[Start of section]

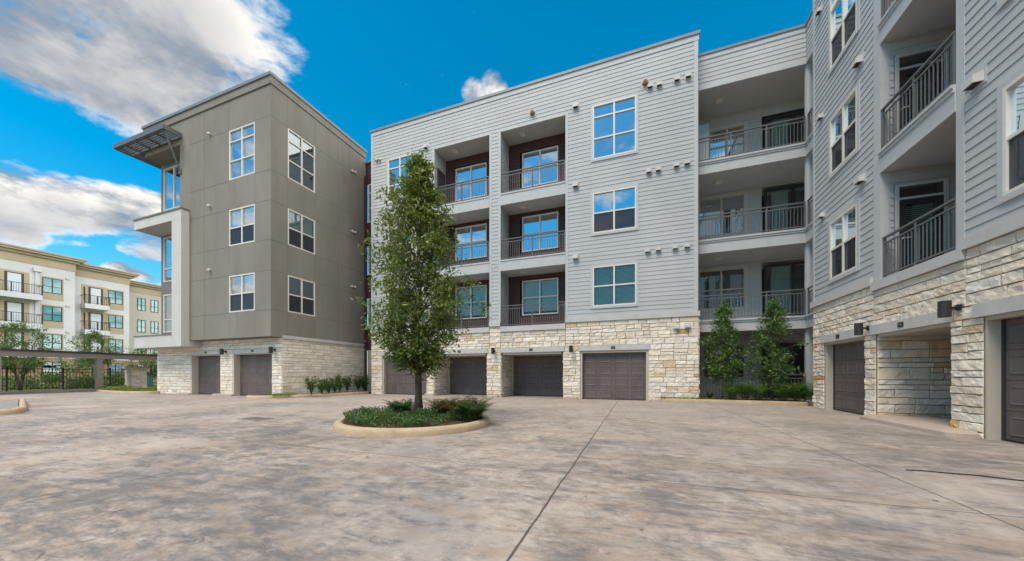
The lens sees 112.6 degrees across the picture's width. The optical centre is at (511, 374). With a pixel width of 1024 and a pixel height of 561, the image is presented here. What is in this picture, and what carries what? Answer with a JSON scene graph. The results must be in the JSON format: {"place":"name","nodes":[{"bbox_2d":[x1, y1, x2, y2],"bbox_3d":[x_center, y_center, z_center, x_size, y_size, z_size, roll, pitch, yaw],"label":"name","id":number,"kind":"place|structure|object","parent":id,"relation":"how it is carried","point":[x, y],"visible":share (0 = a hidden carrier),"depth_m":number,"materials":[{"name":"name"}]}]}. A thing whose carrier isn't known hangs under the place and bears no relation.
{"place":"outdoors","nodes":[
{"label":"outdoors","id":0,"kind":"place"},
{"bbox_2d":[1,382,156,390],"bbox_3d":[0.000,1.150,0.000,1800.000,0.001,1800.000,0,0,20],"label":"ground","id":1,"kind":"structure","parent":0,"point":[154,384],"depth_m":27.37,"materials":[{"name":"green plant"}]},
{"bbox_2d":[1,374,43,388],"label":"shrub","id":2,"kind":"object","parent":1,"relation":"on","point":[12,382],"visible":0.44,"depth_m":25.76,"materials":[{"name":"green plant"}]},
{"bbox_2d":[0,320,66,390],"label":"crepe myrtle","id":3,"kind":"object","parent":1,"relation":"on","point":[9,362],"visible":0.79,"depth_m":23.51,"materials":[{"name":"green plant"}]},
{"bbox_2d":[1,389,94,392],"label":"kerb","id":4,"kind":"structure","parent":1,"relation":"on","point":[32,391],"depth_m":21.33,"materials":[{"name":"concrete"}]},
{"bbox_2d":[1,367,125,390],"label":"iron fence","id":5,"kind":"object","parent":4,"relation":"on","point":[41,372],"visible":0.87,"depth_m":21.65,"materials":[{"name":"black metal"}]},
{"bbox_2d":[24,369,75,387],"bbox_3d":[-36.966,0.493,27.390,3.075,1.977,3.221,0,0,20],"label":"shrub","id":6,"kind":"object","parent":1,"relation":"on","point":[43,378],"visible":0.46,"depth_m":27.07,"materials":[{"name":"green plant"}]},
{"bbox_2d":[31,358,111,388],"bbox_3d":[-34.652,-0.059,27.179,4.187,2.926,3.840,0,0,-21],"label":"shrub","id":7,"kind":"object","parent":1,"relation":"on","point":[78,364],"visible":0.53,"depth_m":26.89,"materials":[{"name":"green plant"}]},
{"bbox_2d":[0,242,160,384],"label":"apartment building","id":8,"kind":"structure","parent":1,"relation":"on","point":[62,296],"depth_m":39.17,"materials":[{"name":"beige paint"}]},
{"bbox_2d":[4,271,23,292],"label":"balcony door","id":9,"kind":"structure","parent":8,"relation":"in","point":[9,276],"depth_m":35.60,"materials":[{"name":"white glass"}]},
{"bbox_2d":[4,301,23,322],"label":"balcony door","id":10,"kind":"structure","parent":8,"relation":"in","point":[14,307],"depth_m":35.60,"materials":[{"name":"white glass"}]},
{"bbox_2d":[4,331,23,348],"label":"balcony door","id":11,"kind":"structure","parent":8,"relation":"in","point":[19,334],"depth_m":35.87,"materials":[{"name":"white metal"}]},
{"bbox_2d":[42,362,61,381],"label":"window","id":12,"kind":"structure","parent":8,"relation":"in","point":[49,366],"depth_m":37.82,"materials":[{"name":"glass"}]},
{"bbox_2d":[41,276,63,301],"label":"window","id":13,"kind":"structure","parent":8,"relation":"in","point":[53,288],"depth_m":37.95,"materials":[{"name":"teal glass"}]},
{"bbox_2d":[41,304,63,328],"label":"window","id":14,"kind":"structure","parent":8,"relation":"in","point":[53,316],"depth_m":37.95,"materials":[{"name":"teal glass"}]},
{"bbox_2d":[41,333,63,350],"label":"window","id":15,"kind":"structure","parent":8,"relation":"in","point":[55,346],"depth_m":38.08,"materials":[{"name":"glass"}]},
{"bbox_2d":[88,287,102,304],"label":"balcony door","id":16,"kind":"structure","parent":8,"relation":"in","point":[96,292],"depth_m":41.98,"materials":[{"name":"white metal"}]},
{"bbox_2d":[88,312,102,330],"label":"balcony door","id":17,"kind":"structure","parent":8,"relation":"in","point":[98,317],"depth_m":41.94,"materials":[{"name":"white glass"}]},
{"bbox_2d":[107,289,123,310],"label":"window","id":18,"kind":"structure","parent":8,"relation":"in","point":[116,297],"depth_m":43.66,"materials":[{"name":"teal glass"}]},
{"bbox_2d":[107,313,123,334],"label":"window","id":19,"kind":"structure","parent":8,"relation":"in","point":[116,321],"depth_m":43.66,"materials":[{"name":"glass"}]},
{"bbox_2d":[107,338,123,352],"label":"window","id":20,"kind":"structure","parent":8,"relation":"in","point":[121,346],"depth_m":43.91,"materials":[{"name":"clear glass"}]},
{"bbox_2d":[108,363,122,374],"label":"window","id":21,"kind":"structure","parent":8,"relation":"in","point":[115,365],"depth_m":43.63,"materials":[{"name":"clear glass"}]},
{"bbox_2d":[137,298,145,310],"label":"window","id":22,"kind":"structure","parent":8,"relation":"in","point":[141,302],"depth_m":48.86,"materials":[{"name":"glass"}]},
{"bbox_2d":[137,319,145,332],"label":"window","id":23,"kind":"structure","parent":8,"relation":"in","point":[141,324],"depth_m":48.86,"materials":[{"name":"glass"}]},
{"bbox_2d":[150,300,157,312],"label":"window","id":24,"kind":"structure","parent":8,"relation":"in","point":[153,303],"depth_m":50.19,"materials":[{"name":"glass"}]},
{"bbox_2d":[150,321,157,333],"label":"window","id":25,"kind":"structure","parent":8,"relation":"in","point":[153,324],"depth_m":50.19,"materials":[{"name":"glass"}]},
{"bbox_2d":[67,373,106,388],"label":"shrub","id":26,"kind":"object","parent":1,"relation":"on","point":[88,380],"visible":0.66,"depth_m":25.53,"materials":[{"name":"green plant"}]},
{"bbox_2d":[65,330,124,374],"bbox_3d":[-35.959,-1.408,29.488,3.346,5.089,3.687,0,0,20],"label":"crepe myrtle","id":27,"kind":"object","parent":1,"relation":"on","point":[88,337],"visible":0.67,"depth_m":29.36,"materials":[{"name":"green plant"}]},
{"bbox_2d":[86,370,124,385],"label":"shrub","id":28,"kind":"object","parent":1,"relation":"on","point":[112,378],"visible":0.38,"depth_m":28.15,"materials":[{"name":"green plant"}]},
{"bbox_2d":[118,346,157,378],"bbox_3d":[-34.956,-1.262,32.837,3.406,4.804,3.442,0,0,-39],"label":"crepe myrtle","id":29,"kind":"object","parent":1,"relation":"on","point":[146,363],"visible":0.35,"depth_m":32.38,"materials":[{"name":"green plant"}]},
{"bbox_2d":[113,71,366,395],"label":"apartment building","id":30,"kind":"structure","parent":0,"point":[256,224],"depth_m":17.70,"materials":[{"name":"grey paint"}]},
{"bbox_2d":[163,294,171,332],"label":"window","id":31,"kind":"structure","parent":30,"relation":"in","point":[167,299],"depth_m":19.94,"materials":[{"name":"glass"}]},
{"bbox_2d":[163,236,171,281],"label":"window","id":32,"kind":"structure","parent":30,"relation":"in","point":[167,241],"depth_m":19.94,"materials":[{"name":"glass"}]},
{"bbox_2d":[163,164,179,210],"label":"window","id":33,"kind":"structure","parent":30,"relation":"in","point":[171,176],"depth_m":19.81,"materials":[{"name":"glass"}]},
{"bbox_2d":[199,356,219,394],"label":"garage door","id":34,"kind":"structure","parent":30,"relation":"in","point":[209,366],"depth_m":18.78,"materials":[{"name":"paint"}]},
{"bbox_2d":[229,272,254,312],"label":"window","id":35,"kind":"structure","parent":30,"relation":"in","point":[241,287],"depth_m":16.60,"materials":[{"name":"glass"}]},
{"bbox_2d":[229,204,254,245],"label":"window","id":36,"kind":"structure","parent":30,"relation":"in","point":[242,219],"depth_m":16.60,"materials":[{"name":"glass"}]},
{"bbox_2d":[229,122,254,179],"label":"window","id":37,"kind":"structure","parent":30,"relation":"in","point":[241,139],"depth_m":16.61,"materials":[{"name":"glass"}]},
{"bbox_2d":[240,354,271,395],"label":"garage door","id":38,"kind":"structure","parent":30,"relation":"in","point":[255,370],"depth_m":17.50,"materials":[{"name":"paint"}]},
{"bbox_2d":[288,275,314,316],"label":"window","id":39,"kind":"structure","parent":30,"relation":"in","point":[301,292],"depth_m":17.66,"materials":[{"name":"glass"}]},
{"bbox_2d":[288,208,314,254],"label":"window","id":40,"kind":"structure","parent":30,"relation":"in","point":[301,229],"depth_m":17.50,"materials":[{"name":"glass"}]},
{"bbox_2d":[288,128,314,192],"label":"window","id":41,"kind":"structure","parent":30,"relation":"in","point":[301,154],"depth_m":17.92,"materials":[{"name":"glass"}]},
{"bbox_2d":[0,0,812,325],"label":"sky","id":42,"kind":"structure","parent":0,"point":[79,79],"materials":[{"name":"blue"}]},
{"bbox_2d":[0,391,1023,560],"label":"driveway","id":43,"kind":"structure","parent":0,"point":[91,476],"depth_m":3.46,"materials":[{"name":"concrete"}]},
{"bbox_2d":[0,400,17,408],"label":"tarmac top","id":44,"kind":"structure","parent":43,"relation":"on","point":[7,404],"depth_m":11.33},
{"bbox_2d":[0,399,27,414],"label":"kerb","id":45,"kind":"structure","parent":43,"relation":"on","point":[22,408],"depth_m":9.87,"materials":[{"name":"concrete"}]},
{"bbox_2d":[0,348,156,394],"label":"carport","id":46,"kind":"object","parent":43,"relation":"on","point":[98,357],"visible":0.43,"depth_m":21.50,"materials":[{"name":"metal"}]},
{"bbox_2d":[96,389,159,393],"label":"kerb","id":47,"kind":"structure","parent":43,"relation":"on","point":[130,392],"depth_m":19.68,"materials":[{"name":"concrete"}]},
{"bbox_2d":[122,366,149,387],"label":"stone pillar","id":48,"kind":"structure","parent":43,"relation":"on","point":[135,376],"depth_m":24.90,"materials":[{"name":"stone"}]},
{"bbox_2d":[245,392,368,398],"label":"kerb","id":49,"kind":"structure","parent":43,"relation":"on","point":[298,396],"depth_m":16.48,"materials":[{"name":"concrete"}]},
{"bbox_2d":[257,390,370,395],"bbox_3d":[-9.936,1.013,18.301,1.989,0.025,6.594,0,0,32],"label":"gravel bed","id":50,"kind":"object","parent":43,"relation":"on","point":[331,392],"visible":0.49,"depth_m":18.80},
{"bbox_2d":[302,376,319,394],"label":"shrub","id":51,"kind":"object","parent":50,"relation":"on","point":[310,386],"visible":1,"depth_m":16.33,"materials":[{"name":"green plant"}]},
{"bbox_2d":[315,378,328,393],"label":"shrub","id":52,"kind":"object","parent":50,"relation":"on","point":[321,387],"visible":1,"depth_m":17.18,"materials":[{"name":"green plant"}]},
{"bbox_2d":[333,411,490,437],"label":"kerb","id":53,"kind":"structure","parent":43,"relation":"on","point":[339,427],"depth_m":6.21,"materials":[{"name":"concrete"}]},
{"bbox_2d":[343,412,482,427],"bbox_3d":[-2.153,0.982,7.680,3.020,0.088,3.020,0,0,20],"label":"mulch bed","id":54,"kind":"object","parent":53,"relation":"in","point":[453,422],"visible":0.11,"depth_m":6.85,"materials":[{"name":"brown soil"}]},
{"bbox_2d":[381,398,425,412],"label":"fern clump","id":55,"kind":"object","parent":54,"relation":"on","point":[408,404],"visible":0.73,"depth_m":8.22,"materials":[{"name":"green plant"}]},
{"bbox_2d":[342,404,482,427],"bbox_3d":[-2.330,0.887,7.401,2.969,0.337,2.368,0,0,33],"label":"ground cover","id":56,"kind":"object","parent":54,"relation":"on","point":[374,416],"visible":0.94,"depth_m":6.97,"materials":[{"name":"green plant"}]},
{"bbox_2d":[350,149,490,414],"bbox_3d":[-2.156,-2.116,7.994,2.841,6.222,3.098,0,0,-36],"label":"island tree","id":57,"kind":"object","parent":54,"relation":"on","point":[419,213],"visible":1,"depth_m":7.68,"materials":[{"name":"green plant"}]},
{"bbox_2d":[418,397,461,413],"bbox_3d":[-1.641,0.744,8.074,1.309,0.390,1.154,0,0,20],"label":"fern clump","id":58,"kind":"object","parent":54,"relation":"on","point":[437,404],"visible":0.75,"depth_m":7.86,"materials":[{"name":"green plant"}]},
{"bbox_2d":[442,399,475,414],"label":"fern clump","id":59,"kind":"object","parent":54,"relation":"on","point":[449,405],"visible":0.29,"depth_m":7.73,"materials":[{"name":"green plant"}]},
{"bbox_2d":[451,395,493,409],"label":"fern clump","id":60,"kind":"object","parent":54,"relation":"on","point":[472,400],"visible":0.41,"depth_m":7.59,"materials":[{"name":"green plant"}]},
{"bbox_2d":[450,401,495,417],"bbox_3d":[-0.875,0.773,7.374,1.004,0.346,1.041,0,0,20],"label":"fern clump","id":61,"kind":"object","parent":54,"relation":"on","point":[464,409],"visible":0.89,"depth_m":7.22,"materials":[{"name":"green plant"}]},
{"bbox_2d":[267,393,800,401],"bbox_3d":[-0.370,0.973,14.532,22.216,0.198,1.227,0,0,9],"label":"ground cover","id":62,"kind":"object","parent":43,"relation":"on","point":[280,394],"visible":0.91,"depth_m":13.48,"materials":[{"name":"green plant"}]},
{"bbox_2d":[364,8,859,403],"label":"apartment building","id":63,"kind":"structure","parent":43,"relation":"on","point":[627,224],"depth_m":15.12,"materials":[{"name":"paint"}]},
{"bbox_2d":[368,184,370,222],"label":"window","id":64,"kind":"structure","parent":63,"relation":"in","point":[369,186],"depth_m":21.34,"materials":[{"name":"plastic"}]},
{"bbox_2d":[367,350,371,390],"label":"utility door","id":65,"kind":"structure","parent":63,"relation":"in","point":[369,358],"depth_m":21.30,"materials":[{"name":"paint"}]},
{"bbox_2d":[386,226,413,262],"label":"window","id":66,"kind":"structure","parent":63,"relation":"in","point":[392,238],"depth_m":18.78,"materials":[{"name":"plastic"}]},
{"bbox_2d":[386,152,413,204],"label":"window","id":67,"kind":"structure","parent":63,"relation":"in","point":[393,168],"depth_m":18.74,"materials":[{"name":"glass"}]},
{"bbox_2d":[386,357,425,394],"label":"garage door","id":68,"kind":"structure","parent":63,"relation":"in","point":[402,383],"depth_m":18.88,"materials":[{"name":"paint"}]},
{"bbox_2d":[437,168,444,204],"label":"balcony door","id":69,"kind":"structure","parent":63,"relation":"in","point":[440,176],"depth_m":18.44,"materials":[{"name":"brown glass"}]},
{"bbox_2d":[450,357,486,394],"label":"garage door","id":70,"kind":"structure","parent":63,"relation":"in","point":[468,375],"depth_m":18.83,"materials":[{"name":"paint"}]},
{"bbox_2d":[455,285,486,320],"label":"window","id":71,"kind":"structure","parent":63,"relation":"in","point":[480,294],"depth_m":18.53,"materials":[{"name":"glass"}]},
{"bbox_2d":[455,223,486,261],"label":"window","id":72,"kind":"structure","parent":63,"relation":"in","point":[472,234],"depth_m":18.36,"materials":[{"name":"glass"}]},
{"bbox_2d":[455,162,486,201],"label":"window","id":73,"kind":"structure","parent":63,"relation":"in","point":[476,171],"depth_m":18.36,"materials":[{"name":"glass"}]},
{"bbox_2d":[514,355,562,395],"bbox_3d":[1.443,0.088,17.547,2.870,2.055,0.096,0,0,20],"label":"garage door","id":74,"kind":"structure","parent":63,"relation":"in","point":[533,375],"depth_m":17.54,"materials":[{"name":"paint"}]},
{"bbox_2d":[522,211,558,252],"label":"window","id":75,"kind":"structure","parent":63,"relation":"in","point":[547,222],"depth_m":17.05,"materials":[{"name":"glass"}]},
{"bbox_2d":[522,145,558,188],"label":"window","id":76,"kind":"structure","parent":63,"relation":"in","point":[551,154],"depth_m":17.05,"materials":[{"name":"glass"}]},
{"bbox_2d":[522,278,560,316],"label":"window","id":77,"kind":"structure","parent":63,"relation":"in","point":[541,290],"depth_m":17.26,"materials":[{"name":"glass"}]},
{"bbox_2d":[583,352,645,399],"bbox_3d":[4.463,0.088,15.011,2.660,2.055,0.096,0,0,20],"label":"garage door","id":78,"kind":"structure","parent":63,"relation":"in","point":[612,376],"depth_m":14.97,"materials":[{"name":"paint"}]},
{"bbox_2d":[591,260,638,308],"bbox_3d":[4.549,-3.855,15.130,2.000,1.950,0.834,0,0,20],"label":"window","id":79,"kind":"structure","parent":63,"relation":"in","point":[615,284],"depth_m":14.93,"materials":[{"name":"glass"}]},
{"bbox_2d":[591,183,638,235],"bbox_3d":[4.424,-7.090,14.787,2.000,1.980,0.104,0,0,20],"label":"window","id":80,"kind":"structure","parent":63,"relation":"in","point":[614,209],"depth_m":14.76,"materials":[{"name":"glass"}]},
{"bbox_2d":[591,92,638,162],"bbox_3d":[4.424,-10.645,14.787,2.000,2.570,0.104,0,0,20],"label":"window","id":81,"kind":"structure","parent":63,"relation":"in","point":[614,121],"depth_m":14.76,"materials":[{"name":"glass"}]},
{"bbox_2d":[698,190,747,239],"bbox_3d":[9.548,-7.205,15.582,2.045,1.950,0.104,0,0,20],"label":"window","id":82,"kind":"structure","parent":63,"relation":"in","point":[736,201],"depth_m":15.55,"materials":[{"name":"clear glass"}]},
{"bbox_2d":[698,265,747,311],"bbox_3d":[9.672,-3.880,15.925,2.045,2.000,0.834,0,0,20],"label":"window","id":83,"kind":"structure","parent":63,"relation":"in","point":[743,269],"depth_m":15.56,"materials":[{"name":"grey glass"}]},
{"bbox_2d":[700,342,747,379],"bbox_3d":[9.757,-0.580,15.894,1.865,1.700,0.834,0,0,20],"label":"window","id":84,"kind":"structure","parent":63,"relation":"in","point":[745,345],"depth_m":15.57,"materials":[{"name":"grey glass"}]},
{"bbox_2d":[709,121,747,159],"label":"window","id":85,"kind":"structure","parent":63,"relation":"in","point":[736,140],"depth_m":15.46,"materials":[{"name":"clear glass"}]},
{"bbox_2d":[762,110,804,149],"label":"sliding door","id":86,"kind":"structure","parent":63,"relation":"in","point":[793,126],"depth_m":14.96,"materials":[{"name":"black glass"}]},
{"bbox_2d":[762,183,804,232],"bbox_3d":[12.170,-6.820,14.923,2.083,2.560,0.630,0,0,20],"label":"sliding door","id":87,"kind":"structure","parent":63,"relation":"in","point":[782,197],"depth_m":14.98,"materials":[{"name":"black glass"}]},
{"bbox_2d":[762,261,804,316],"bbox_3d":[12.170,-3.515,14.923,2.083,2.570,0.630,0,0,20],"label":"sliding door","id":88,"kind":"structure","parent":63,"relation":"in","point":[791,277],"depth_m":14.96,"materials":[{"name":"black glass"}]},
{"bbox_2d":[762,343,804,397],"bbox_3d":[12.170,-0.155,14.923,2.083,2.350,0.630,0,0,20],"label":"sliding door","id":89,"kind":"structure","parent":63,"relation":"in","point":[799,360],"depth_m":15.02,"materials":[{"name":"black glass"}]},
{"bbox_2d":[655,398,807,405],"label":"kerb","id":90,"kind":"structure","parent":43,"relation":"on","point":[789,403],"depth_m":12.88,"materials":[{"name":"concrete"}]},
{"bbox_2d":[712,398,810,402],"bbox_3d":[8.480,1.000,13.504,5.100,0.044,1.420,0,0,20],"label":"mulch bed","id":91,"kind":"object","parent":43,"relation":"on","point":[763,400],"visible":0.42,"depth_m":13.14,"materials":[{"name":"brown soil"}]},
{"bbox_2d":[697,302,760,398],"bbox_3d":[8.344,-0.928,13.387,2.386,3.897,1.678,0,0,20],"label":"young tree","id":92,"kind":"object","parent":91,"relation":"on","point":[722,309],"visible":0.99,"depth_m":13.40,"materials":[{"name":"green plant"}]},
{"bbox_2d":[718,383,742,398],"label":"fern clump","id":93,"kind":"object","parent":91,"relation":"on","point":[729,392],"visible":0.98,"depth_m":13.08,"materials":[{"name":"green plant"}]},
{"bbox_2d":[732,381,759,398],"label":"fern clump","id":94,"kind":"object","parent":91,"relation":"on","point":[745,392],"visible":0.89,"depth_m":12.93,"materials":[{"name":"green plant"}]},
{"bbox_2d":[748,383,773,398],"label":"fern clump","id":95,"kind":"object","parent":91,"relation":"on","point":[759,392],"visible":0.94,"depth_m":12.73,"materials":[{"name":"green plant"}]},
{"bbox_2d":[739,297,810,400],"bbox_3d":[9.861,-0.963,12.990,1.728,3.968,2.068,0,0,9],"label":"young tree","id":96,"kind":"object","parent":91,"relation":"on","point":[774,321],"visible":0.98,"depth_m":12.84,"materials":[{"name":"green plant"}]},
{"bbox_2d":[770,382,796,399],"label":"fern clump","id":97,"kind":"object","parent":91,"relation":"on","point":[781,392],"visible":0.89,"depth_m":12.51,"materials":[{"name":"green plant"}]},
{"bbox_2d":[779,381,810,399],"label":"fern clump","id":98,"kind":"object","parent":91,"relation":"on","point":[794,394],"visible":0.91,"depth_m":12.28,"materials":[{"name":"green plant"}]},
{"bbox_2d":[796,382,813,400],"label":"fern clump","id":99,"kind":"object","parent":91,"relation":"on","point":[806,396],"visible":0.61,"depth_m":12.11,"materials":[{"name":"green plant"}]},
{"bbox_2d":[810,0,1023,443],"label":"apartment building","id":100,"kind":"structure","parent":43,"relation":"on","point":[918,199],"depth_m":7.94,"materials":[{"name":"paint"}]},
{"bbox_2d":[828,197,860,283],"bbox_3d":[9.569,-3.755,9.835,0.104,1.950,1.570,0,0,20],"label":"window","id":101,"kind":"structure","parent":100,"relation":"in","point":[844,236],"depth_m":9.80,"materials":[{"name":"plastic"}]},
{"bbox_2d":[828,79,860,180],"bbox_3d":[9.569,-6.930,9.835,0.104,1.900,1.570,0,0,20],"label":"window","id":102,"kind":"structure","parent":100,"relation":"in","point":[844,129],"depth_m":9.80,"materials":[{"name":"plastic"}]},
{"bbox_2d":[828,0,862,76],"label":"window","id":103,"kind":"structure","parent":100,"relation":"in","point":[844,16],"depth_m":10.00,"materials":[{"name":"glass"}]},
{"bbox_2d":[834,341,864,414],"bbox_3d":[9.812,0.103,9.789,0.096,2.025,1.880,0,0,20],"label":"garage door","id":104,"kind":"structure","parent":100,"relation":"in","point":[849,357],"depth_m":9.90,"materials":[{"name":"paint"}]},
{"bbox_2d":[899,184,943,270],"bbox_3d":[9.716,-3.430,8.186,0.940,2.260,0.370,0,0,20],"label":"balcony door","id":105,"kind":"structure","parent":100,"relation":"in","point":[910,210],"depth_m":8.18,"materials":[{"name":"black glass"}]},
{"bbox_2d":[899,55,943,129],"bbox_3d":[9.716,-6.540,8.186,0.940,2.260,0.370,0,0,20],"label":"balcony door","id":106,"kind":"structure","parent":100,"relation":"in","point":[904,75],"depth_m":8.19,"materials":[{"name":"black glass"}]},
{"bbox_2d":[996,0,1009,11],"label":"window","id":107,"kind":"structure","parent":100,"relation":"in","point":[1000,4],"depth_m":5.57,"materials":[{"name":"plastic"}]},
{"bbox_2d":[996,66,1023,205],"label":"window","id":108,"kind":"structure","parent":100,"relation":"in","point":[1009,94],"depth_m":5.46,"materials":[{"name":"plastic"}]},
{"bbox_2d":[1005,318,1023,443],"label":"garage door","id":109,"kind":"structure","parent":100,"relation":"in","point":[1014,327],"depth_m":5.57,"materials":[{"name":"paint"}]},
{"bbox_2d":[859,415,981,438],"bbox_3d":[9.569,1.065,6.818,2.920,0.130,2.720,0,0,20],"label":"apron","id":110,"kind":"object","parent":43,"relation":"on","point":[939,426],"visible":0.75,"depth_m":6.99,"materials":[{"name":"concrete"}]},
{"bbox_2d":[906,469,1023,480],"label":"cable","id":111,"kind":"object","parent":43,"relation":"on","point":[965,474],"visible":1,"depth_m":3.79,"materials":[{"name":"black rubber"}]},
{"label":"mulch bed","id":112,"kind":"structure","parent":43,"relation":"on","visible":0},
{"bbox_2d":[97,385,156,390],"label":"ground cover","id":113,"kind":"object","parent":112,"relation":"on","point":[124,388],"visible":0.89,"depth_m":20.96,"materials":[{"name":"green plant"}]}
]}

[End of section]

# TASK DESCRIPTION:
Go over the listing above and copy out each line that includes "teal".

# WRITTEN RESPONSE:
{"bbox_2d":[41,276,63,301],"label":"window","id":13,"kind":"structure","parent":8,"relation":"in","point":[53,288],"depth_m":37.95,"materials":[{"name":"teal glass"}]},
{"bbox_2d":[41,304,63,328],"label":"window","id":14,"kind":"structure","parent":8,"relation":"in","point":[53,316],"depth_m":37.95,"materials":[{"name":"teal glass"}]},
{"bbox_2d":[107,289,123,310],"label":"window","id":18,"kind":"structure","parent":8,"relation":"in","point":[116,297],"depth_m":43.66,"materials":[{"name":"teal glass"}]},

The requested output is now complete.